ESG Ratings in the Swiss Performance Index (As of January 2023)

 

After these four steps in our example, around 160 companies are left in the SPI ESG index. This means that 51 companies in the SPI currently do not meet the sustainability criteria required for inclusion in an ESG index from SIX (see illustration).

How Is an ESG Rating Determined?

To calculate an ESG rating, Inrate analyzes the ecological and social impacts that a company’s products and business practices have on the environment and society. A company’s willingness and ability to address ESG-related problems also factor into the rating. Inrate bases the rating on data gleaned from sources such as company, sustainability, and media reports, for example. Its methodology also assesses the impacts of a company’s production practices and products on the environment and society across entire product life cycles (i.e. including upstream processes, during the period when the product is in use, and after it has been disposed of). The data get updated periodically, and the ESG rating methodology is regularly reviewed and modified in line with general or regulatory developments in the market.

What ESG Indices Exist?

SIX provides an array of different ESG indices. SIX, for example, produces broad-market ESG indices such as the SPI ESG Index, which contains all of the constituent companies in the standard SPI that meet the requisite sustainability criteria.

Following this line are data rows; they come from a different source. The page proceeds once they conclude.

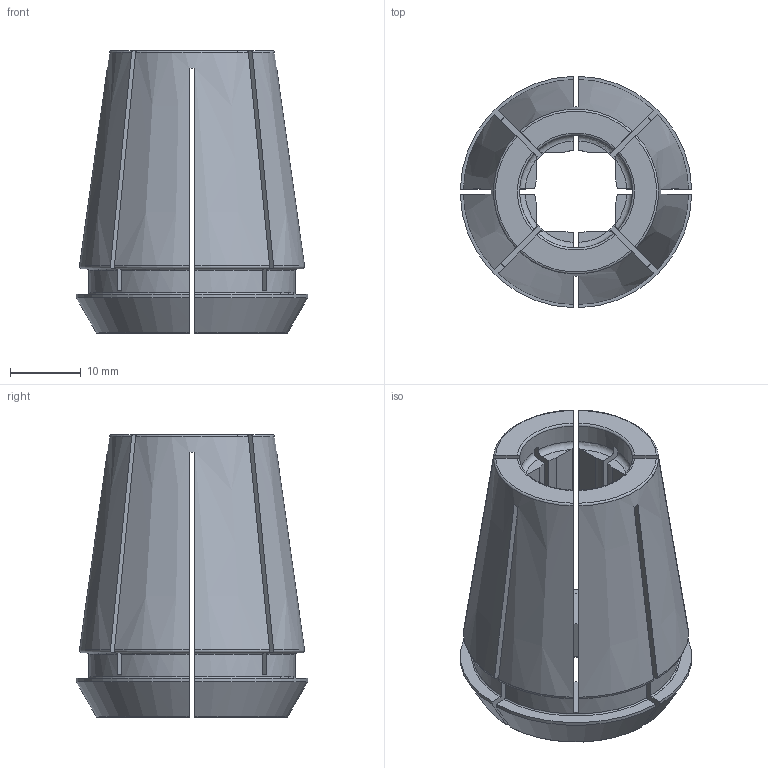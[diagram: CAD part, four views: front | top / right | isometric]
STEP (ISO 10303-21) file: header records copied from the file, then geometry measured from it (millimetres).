
FILE_DESCRIPTION(/* description */ (''),/* implementation_level */ '2;1');
FILE_NAME(/* name */ '143214274.stp',/* time_stamp */ '2021-01-08T12:57:23',/* author */ ('LRA'),/* organization */ ('REGO-FIX'),/* preprocessor_version */ ' Unknown',/* originating_system */ 'SIEMENS PLM Software Solid Edge ST10',/* authorization */ 'Unknown');
FILE_SCHEMA (('AUTOMOTIVE_DESIGN { 1 0 10303 214 2 1 1}'));
Length unit declared in the file: millimetre
Products named in the file (1): NOCUT
Bounding box: 32.79 x 32.79 x 40 mm (x, y, z)
Volume: 17217.7 mm3; surface area: 9945.4 mm2
Topology: 1 solids, 1 shells, 168 faces, 504 edges, 336 vertices
Faces by surface type: plane 68, torus 44, cylinder 40, cone 16
Entity records: 5972 total; most frequent: CARTESIAN_POINT 1444, ORIENTED_EDGE 1008, DIRECTION 912, EDGE_CURVE 504, AXIS2_PLACEMENT_3D 356, VERTEX_POINT 336, LINE 200, VECTOR 200

There are also weighted indices such as the SPI ESG Weighted Index, which weights the individual constituent companies in a different way, not just on the basis of pure market capitalization, but also by factoring in ESG criteria. Put simply, companies that are more sustainable are given a greater weight in the index.

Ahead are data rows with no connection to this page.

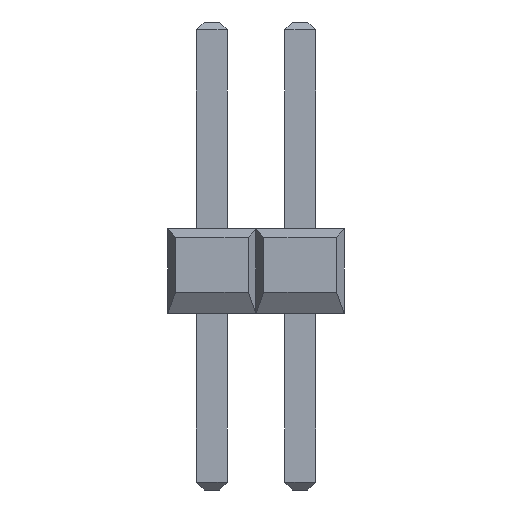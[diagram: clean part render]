
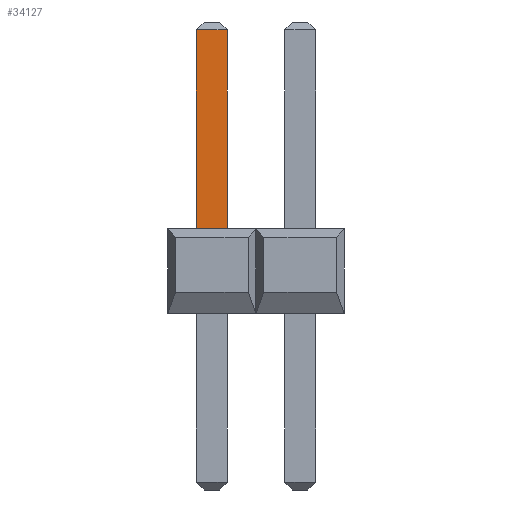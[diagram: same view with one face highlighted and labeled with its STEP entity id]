
A CAD part, left-side view. The second image highlights one B-rep face of the part: STEP entity #34127.
In plain terms, the highlighted planar face has unit normal (-1, 0, 0).
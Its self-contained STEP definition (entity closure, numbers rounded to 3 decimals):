
#34127=ADVANCED_FACE('',(#34133),#34128,.F.);
#34128=PLANE('',#34129);
#34129=AXIS2_PLACEMENT_3D('',#34130,#34131,#34132);
#34130=CARTESIAN_POINT('Origin',(-0.444,0.444,2.438));
#34131=DIRECTION('center_axis',(1.0,0.0,0.0));
#34132=DIRECTION('ref_axis',(0.,0.,1.));
#34133=FACE_OUTER_BOUND('',#34134,.T.);
#34134=EDGE_LOOP('',(#34135,#34145,#34155,#34165));
#34135=ORIENTED_EDGE('',*,*,#34136,.F.);
#34136=EDGE_CURVE('',#34137,#34139,#34141,.T.);
#34137=VERTEX_POINT('',#34138);
#34138=CARTESIAN_POINT('',(-0.444,-0.444,2.438));
#34139=VERTEX_POINT('',#34140);
#34140=CARTESIAN_POINT('',(-0.444,0.444,2.438));
#34141=LINE('',#34142,#34143);
#34142=CARTESIAN_POINT('',(-0.444,-0.444,2.438));
#34143=VECTOR('',#34144,0.889);
#34144=DIRECTION('',(0.0,1.0,0.0));
#34145=ORIENTED_EDGE('',*,*,#34146,.F.);
#34146=EDGE_CURVE('',#34147,#34149,#34151,.T.);
#34147=VERTEX_POINT('',#34148);
#34148=CARTESIAN_POINT('',(-0.444,-0.444,8.16));
#34149=VERTEX_POINT('',#34138);
#34151=LINE('',#34152,#34153);
#34152=CARTESIAN_POINT('',(-0.444,-0.444,8.16));
#34153=VECTOR('',#34154,5.721);
#34154=DIRECTION('',(0.0,0.0,-1.0));
#34155=ORIENTED_EDGE('',*,*,#34156,.F.);
#34156=EDGE_CURVE('',#34157,#34159,#34161,.T.);
#34157=VERTEX_POINT('',#34158);
#34158=CARTESIAN_POINT('',(-0.444,0.444,8.16));
#34159=VERTEX_POINT('',#34148);
#34161=LINE('',#34162,#34163);
#34162=CARTESIAN_POINT('',(-0.444,0.444,8.16));
#34163=VECTOR('',#34164,0.889);
#34164=DIRECTION('',(0.0,-1.0,0.0));
#34165=ORIENTED_EDGE('',*,*,#34166,.F.);
#34166=EDGE_CURVE('',#34167,#34169,#34171,.T.);
#34167=VERTEX_POINT('',#34140);
#34169=VERTEX_POINT('',#34158);
#34171=LINE('',#34172,#34173);
#34172=CARTESIAN_POINT('',(-0.444,0.444,2.438));
#34173=VECTOR('',#34174,5.721);
#34174=DIRECTION('',(0.0,0.0,1.0));
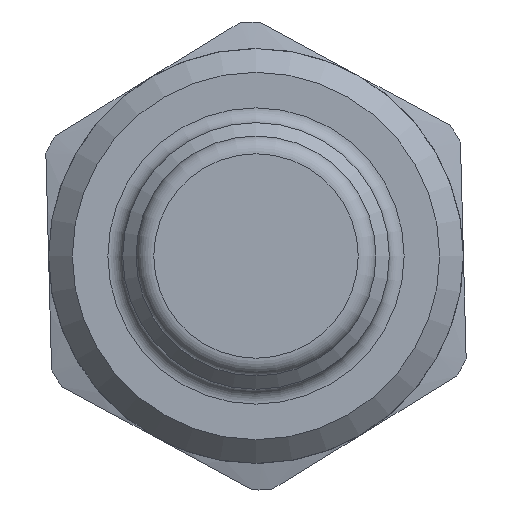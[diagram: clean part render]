
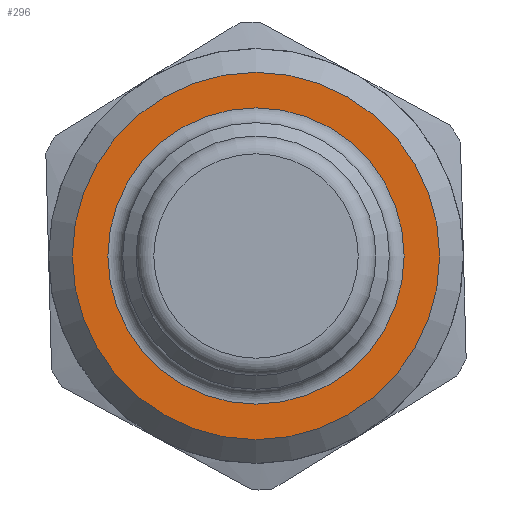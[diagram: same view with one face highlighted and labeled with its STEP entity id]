
A CAD part, left-side view. The second image highlights one B-rep face of the part: STEP entity #296.
In plain terms, the highlighted planar face has unit normal (-1, 0, 0).
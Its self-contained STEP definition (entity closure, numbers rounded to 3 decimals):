
#194=CARTESIAN_POINT('',(14.1,6.2,0.));
#195=VERTEX_POINT('',#194);
#196=CARTESIAN_POINT('',(14.1,0.0,0.0));
#197=DIRECTION('',(1.0,0.0,0.0));
#198=DIRECTION('',(0.0,-1.0,0.0));
#199=AXIS2_PLACEMENT_3D('',#196,#197,#198);
#200=CIRCLE('',#199,6.2);
#201=EDGE_CURVE('',#195,#195,#200,.T.);
#277=CARTESIAN_POINT('',(14.1,5.75,0.0));
#278=DIRECTION('',(-1.0,0.0,0.0));
#279=DIRECTION('',(0.0,0.0,1.0));
#280=AXIS2_PLACEMENT_3D('',#277,#278,#279);
#281=PLANE('',#280);
#282=ORIENTED_EDGE('',*,*,#201,.F.);
#283=EDGE_LOOP('',(#282));
#284=FACE_OUTER_BOUND('',#283,.T.);
#285=CARTESIAN_POINT('',(14.1,5.0,0.));
#286=VERTEX_POINT('',#285);
#287=CARTESIAN_POINT('',(14.1,0.0,0.0));
#288=DIRECTION('',(-1.0,0.0,0.0));
#289=DIRECTION('',(0.0,-1.0,0.0));
#290=AXIS2_PLACEMENT_3D('',#287,#288,#289);
#291=CIRCLE('',#290,5.0);
#292=EDGE_CURVE('',#286,#286,#291,.T.);
#293=ORIENTED_EDGE('',*,*,#292,.F.);
#294=EDGE_LOOP('',(#293));
#295=FACE_BOUND('',#294,.T.);
#296=ADVANCED_FACE('',(#284,#295),#281,.T.);

SIX also supplies ESG subindices (large-, mid-, and small-cap) and customized ESG indices derived from the SPI and the SPI ESG index. The SPI Gender Equality Index only includes companies where women hold between 20% and 80% of board of directors seats and between 15% and 85% of executive management positions. And last but not least, besides the stock indices, there is also a multitude of ESG bond indices such as the SBI ESG Index and the many indices derived from it.

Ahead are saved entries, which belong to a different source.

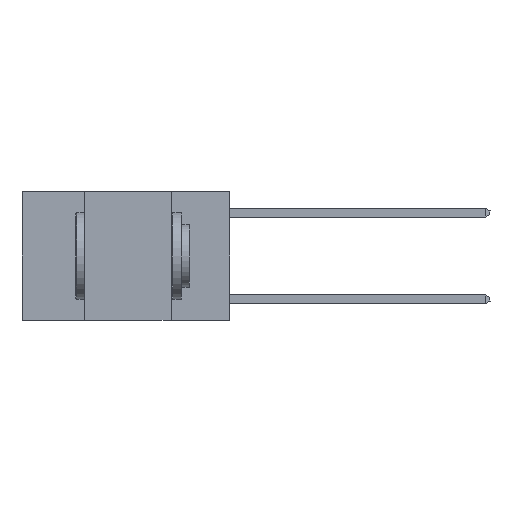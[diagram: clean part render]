
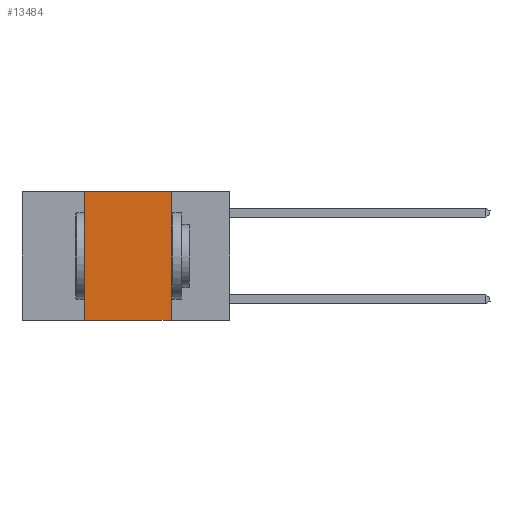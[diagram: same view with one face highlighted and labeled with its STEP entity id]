
A CAD part, left-side view. The second image highlights one B-rep face of the part: STEP entity #13484.
In plain terms, the highlighted planar face has unit normal (-1, 0, 0).
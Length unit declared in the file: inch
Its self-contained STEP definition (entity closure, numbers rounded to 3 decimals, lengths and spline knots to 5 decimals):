
#714 = VERTEX_POINT ( 'NONE', #3248 ) ;
#924 = VECTOR ( 'NONE', #10422, 39.37008 ) ;
#1165 = LINE ( 'NONE', #14497, #924 ) ;
#2062 = LINE ( 'NONE', #19726, #22128 ) ;
#2356 = VERTEX_POINT ( 'NONE', #23948 ) ;
#3248 = CARTESIAN_POINT ( 'NONE',  ( 0., 0.42, -0.37 ) ) ;
#3592 = DIRECTION ( 'NONE',  ( 0., 0., -1. ) ) ;
#6266 = LINE ( 'NONE', #24392, #23277 ) ;
#6617 = EDGE_CURVE ( 'NONE', #17333, #2356, #25652, .T. ) ;
#8073 = CARTESIAN_POINT ( 'NONE',  ( 0., 0.42, 0. ) ) ;
#8836 = ORIENTED_EDGE ( 'NONE', *, *, #13870, .F. ) ;
#10422 = DIRECTION ( 'NONE',  ( 0., -1., 0. ) ) ;
#10746 = DIRECTION ( 'NONE',  ( 0., 0., -1. ) ) ;
#12754 = ORIENTED_EDGE ( 'NONE', *, *, #19315, .F. ) ;
#13484 = ADVANCED_FACE ( 'NONE', ( #13498 ), #26852, .F. ) ;
#13498 = FACE_OUTER_BOUND ( 'NONE', #19891, .T. ) ;
#13870 = EDGE_CURVE ( 'NONE', #14290, #17333, #1165, .T. ) ;
#14290 = VERTEX_POINT ( 'NONE', #8073 ) ;
#14497 = CARTESIAN_POINT ( 'NONE',  ( 0., 0.6, 0. ) ) ;
#14969 = DIRECTION ( 'NONE',  ( 0., 0., 1. ) ) ;
#17333 = VERTEX_POINT ( 'NONE', #25464 ) ;
#18505 = AXIS2_PLACEMENT_3D ( 'NONE', #19859, #22191, #10746 ) ;
#19315 = EDGE_CURVE ( 'NONE', #714, #14290, #6266, .T. ) ;
#19726 = CARTESIAN_POINT ( 'NONE',  ( 0., 0.6, -0.37 ) ) ;
#19859 = CARTESIAN_POINT ( 'NONE',  ( 0., 0.6, 0. ) ) ;
#19891 = EDGE_LOOP ( 'NONE', ( #23628, #8836, #12754, #28291 ) ) ;
#22128 = VECTOR ( 'NONE', #22204, 39.37008 ) ;
#22191 = DIRECTION ( 'NONE',  ( 1., 0., 0. ) ) ;
#22204 = DIRECTION ( 'NONE',  ( 0., -1., 0. ) ) ;
#23251 = EDGE_CURVE ( 'NONE', #714, #2356, #2062, .T. ) ;
#23277 = VECTOR ( 'NONE', #14969, 39.37008 ) ;
#23628 = ORIENTED_EDGE ( 'NONE', *, *, #6617, .F. ) ;
#23948 = CARTESIAN_POINT ( 'NONE',  ( 0., 0.17, -0.37 ) ) ;
#24392 = CARTESIAN_POINT ( 'NONE',  ( 0., 0.42, 0. ) ) ;
#25464 = CARTESIAN_POINT ( 'NONE',  ( 0., 0.17, 0. ) ) ;
#25652 = LINE ( 'NONE', #26073, #28044 ) ;
#26073 = CARTESIAN_POINT ( 'NONE',  ( 0., 0.17, 0. ) ) ;
#26852 = PLANE ( 'NONE',  #18505 ) ;
#28044 = VECTOR ( 'NONE', #3592, 39.37008 ) ;
#28291 = ORIENTED_EDGE ( 'NONE', *, *, #23251, .T. ) ;

What Are ESG Indices Needed For?

The use cases for ESG indices are generally the same as the use cases for conventional indices. ESG indices serve as an indicator and as an underlying asset. Financial institutions can create investment products such as exchange-traded funds (ETFs) or index funds that replicate an index, and investors in turn can then invest in those products. SIX thus supplies index data to banks and other financial institutions to enable them to construct index-based financial instruments. With its ESG indices for the equity and bond markets, SIX provides a consistent family of ESG indices as a reference and a market standard. Together with the raw ESG data and the regulatory data that SIX provides, the ESG indices form a comprehensive product offering for users of ESG information.

As the universe of sustainable investing strategies is growing, so is the demand for shares and bonds of sustainable companies. And this gives less sustainable enterprises an incentive to improve their sustainability practices in order to gain inclusion in ESG indices and in the investment products based on them.